■ **The problem**
Restate word for word the entries below, starting with the line with "Box each leaf litter. In pixels." and continuing through the line with "Fit a 3-D box to the leaf". Include both of those lines and no others.

◆ ◆ ◆ ◆

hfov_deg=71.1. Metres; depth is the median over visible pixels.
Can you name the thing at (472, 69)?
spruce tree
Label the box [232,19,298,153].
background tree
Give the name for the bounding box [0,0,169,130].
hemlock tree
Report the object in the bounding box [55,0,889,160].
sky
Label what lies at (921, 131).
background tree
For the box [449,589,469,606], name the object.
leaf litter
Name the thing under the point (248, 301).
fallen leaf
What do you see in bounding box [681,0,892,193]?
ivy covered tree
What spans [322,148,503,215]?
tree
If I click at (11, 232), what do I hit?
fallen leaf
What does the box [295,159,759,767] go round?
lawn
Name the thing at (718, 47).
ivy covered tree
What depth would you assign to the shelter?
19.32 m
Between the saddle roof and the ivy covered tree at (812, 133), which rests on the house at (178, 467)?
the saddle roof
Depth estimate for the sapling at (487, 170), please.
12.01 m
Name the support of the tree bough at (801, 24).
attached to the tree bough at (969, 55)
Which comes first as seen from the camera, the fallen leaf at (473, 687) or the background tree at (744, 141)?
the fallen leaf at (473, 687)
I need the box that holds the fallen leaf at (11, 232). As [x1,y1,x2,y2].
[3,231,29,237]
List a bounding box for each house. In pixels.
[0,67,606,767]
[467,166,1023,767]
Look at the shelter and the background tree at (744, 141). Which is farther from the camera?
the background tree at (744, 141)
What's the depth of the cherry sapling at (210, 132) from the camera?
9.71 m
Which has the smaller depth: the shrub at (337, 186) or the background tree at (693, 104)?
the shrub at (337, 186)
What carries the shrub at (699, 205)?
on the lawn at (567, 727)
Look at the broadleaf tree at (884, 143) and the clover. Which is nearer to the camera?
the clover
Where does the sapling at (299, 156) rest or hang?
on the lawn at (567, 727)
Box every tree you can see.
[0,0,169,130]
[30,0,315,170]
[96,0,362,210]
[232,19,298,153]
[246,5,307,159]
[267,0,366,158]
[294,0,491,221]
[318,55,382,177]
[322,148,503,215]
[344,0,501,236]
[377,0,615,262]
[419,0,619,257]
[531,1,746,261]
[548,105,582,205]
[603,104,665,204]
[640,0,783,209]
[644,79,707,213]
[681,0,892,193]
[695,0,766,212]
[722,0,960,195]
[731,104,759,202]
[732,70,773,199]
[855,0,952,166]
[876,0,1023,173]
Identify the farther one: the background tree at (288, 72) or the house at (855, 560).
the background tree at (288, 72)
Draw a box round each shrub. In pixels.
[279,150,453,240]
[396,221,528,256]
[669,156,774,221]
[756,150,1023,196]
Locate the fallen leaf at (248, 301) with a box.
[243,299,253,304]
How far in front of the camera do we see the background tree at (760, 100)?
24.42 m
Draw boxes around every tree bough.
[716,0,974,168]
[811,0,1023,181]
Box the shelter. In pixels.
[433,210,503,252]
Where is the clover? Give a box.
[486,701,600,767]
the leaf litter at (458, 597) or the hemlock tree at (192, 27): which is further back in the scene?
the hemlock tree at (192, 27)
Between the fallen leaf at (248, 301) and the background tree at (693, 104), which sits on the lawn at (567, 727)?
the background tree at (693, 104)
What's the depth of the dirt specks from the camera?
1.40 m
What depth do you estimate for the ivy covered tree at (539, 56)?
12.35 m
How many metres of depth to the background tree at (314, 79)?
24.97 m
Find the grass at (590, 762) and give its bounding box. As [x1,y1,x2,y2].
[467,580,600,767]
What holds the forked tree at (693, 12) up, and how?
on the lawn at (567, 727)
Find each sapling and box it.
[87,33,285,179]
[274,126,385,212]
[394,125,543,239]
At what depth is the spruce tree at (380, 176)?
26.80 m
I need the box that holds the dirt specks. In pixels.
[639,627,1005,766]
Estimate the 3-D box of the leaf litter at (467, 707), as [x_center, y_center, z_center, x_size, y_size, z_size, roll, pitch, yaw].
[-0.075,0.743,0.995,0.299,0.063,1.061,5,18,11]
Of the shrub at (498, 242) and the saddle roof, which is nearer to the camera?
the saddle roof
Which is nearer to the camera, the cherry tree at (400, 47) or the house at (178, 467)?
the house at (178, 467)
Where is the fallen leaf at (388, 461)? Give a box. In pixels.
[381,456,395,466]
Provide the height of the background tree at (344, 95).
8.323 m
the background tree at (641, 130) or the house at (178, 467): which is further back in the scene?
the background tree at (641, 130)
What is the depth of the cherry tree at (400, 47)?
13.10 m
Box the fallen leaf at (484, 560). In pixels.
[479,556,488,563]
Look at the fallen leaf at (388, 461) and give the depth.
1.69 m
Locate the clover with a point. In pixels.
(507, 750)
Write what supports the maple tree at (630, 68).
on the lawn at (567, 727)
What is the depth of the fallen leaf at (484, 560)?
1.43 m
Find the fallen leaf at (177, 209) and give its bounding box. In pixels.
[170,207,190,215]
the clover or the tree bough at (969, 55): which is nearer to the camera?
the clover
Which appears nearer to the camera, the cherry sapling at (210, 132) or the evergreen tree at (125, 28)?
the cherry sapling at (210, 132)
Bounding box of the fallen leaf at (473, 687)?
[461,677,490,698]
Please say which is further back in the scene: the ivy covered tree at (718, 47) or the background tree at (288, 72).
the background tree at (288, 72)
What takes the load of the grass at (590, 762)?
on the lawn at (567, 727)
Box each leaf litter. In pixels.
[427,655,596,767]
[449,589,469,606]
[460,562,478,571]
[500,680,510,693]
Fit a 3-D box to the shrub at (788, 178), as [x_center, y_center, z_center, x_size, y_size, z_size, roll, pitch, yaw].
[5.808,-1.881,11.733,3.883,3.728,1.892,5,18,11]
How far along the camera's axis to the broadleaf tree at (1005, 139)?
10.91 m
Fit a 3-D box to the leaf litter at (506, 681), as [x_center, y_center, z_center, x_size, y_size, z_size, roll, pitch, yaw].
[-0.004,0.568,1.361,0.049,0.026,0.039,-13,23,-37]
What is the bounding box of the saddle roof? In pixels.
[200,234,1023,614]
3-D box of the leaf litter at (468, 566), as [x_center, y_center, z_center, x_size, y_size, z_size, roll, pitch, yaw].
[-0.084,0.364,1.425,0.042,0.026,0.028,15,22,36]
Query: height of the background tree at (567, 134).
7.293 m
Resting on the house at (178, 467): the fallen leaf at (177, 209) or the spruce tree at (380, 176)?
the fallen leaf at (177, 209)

◆ ◆ ◆ ◆

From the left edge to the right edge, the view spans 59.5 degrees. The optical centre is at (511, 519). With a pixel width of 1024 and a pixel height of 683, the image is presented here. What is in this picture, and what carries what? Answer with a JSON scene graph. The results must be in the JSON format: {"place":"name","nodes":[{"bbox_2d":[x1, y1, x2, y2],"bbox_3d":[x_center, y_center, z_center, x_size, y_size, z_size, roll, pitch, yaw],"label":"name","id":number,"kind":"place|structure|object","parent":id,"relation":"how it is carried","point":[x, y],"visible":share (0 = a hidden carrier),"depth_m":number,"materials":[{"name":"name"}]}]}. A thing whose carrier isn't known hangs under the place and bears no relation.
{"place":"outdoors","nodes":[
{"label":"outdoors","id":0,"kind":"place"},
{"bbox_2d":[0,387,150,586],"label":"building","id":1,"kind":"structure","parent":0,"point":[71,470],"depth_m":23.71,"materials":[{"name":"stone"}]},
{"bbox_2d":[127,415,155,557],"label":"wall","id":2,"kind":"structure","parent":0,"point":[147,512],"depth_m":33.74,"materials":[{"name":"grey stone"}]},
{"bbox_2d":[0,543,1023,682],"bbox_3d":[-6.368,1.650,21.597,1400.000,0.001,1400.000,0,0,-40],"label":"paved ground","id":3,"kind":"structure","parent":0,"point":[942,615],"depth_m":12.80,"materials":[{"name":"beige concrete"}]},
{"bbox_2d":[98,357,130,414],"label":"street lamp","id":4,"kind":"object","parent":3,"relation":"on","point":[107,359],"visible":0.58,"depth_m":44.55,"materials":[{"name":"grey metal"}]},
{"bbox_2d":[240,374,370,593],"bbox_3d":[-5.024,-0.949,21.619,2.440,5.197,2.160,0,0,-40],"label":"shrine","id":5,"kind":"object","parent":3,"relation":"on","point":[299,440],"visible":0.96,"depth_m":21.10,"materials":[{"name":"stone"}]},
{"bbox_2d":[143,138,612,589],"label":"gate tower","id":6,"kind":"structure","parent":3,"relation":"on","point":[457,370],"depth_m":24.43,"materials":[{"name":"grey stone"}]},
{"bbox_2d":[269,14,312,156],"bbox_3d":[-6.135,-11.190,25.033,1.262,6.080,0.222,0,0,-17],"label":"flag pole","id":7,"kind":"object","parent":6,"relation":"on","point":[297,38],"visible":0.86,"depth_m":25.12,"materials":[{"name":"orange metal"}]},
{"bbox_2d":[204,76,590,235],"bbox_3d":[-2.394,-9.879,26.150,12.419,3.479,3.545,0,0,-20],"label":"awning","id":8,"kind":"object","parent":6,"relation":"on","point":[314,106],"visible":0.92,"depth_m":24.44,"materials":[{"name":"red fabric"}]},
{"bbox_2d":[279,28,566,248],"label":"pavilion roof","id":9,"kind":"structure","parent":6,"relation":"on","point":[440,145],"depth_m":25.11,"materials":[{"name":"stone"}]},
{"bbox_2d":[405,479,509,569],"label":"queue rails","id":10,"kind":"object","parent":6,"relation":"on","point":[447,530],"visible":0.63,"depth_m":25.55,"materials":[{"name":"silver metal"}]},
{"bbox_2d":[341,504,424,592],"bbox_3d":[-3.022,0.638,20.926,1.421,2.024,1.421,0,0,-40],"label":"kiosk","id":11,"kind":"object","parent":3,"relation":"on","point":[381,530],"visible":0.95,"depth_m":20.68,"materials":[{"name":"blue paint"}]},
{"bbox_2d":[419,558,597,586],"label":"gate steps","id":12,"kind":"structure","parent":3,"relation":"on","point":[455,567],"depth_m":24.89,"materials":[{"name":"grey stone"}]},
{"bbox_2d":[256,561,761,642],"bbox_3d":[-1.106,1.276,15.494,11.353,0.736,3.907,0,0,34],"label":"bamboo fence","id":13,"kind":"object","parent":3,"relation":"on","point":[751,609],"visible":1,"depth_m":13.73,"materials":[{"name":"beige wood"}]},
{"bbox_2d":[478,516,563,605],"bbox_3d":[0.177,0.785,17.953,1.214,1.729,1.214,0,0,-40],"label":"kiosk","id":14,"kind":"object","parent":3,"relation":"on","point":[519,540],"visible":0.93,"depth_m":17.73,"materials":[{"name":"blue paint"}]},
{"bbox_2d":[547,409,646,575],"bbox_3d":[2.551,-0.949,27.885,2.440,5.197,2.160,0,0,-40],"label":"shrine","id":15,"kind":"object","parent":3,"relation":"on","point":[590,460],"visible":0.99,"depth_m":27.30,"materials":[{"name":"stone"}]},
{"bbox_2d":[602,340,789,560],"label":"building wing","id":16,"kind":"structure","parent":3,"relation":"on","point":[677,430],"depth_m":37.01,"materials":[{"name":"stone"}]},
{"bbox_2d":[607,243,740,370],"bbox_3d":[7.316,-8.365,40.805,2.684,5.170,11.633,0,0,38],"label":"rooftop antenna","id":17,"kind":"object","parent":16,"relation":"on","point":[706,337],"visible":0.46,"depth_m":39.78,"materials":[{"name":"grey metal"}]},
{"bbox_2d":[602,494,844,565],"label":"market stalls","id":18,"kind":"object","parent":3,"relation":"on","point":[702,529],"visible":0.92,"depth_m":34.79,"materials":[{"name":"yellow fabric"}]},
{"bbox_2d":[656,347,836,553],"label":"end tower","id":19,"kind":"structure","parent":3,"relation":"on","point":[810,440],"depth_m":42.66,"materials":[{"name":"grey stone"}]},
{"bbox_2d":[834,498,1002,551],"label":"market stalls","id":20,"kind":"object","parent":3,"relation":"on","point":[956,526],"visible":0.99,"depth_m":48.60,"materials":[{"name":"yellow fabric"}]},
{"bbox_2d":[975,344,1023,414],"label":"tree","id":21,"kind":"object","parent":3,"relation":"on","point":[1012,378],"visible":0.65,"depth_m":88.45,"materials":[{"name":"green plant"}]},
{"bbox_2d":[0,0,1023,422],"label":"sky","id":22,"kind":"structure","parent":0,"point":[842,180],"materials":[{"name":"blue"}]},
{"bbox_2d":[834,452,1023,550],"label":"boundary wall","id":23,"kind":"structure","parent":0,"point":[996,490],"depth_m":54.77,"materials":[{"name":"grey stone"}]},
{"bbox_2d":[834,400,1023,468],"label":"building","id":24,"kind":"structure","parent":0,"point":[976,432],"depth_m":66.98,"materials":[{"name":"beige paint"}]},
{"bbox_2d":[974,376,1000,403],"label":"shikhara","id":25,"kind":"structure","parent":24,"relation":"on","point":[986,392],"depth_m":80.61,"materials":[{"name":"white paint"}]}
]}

◆ ◆ ◆ ◆

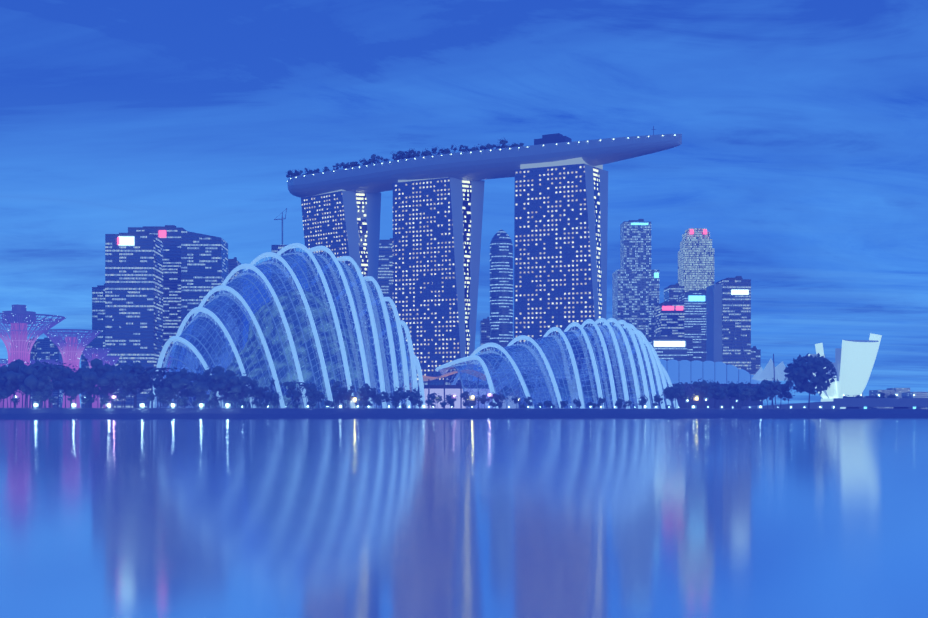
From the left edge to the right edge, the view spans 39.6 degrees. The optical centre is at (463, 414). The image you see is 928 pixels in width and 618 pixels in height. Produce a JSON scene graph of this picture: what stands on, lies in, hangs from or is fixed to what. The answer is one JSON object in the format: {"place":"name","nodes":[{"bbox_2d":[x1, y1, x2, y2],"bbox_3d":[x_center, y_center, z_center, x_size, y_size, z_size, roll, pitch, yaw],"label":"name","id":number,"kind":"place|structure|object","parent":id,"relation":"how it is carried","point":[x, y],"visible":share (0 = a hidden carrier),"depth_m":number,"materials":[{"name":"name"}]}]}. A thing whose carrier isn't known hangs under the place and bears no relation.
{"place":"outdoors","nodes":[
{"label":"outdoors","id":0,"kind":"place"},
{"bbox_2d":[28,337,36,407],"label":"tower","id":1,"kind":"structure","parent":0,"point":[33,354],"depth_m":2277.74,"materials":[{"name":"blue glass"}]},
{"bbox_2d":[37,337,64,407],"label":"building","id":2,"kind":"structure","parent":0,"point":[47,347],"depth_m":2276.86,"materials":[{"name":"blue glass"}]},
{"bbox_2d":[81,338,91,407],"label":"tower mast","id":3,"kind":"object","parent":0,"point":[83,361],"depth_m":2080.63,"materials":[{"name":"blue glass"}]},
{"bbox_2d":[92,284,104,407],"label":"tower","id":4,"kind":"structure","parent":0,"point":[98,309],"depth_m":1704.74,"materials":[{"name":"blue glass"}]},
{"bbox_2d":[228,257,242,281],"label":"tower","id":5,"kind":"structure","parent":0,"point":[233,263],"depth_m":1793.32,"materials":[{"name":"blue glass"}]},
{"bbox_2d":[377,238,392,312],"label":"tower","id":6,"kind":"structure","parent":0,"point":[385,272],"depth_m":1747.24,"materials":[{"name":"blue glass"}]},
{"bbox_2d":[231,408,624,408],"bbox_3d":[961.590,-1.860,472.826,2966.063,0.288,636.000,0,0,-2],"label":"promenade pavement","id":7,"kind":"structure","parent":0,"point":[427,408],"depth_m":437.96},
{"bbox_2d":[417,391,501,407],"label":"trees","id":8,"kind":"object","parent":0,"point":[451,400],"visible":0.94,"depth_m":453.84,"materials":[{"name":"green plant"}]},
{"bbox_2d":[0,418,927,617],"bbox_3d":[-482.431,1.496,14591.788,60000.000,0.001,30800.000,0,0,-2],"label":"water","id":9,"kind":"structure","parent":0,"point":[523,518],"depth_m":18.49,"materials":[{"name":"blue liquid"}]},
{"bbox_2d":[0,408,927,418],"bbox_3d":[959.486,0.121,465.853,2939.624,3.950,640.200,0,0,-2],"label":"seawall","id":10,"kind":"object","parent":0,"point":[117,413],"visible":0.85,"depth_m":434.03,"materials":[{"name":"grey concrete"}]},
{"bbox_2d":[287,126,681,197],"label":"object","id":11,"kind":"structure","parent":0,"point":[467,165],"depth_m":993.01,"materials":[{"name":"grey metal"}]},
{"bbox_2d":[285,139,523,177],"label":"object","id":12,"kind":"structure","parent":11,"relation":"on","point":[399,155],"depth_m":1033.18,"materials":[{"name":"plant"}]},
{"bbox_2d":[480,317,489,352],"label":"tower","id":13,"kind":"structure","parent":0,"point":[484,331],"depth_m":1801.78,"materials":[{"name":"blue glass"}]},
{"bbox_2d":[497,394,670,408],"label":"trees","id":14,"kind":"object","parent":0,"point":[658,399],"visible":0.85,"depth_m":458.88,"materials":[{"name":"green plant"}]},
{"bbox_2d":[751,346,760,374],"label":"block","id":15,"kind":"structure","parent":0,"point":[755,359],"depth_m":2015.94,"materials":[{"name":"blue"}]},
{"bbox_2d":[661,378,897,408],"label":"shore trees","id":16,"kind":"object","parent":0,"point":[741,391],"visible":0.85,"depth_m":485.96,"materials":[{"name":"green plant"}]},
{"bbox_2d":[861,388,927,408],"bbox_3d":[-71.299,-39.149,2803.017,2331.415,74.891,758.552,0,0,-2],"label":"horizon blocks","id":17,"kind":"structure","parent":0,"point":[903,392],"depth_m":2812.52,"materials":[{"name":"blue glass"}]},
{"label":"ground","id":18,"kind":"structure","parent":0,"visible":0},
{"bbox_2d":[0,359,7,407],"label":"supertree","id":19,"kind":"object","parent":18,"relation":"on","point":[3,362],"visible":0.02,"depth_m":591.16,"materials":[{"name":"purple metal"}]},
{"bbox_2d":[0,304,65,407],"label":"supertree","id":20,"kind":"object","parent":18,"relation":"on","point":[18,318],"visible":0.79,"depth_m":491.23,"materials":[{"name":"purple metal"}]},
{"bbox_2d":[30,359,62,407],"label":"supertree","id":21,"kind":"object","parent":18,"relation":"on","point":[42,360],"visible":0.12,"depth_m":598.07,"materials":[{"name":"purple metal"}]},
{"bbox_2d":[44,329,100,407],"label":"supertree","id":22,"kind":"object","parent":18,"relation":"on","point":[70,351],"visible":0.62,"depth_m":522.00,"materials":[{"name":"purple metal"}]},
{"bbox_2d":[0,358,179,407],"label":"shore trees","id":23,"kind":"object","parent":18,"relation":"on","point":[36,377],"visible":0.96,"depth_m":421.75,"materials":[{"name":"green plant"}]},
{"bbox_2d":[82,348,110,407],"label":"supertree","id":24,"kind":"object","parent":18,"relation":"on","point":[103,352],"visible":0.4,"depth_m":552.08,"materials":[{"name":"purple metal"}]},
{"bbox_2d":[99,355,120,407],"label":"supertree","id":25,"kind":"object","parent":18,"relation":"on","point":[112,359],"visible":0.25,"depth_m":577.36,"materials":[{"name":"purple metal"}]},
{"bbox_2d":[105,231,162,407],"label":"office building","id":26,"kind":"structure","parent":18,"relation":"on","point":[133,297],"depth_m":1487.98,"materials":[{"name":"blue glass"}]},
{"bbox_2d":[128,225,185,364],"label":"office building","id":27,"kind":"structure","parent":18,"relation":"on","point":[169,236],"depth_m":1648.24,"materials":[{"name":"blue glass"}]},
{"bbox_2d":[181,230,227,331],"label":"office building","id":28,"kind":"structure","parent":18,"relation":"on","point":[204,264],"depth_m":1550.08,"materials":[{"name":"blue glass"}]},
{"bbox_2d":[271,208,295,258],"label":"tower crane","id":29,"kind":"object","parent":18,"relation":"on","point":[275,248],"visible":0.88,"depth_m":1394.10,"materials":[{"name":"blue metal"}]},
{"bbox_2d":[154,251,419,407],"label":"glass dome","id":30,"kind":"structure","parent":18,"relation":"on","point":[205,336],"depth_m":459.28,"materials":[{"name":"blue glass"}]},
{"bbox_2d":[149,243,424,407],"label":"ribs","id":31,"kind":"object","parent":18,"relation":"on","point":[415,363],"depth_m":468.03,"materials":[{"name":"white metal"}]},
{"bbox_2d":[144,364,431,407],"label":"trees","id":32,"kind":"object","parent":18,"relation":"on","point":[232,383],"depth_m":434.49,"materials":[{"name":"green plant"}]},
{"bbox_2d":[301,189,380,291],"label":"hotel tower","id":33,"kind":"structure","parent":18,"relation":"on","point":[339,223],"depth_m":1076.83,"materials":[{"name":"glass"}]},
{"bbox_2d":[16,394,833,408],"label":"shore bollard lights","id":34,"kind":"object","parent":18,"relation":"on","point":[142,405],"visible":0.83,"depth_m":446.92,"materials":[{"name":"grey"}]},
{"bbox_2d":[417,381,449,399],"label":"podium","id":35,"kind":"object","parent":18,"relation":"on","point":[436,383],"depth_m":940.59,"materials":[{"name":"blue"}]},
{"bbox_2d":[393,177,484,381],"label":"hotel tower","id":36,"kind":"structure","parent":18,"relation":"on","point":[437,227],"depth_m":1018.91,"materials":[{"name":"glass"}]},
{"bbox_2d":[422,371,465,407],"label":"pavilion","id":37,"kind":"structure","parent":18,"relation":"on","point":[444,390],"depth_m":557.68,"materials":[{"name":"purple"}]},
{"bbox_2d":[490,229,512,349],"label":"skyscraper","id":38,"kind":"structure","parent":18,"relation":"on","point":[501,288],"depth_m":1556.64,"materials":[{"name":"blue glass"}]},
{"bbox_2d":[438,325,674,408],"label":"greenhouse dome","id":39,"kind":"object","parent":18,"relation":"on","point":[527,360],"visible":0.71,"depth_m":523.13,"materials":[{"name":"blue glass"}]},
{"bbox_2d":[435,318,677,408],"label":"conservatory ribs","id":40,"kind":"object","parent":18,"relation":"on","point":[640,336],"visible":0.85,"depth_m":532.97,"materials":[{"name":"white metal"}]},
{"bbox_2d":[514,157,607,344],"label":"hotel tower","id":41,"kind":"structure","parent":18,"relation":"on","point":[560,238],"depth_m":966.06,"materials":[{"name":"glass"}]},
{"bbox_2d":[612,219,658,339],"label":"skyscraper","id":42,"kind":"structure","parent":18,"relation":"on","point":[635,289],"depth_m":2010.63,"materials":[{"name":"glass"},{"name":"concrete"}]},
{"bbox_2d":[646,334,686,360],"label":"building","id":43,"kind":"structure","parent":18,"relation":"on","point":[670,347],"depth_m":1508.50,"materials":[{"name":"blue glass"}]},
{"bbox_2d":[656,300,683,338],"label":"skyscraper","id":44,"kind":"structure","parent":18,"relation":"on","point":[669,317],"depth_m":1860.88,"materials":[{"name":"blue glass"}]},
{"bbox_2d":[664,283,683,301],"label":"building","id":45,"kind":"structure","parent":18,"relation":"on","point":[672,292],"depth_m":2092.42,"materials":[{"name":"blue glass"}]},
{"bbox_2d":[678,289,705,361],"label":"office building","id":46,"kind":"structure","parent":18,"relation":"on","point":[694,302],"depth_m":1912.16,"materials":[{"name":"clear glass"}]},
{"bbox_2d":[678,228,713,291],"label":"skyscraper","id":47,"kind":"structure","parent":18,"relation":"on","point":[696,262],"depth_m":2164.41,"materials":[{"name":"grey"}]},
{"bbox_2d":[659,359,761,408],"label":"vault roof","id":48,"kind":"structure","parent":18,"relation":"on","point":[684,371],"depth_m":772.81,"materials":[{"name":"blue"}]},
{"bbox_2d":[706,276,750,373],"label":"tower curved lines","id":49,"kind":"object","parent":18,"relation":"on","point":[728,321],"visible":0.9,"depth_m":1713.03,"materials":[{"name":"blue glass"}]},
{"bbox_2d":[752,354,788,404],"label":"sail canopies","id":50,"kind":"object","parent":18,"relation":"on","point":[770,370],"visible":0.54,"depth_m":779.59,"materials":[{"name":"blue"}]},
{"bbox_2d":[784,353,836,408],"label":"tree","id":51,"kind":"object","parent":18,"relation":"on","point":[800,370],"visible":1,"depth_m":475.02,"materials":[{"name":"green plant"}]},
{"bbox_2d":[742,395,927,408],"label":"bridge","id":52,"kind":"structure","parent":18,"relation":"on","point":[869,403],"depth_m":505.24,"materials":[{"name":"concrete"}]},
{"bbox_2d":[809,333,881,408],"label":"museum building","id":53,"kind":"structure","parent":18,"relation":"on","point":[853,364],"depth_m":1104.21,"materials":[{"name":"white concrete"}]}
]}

◆ ◆ ◆ ◆

■ **Response to the exercise**
Box each leaf litter. In pixels.
[427,655,596,767]
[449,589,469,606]
[460,562,478,571]
[500,680,510,693]
Fit a 3-D box to the shrub at (788, 178), as [x_center, y_center, z_center, x_size, y_size, z_size, roll, pitch, yaw].
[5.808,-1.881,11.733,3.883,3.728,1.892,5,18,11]
How far along the camera's axis to the broadleaf tree at (1005, 139)?
10.91 m
Fit a 3-D box to the leaf litter at (506, 681), as [x_center, y_center, z_center, x_size, y_size, z_size, roll, pitch, yaw].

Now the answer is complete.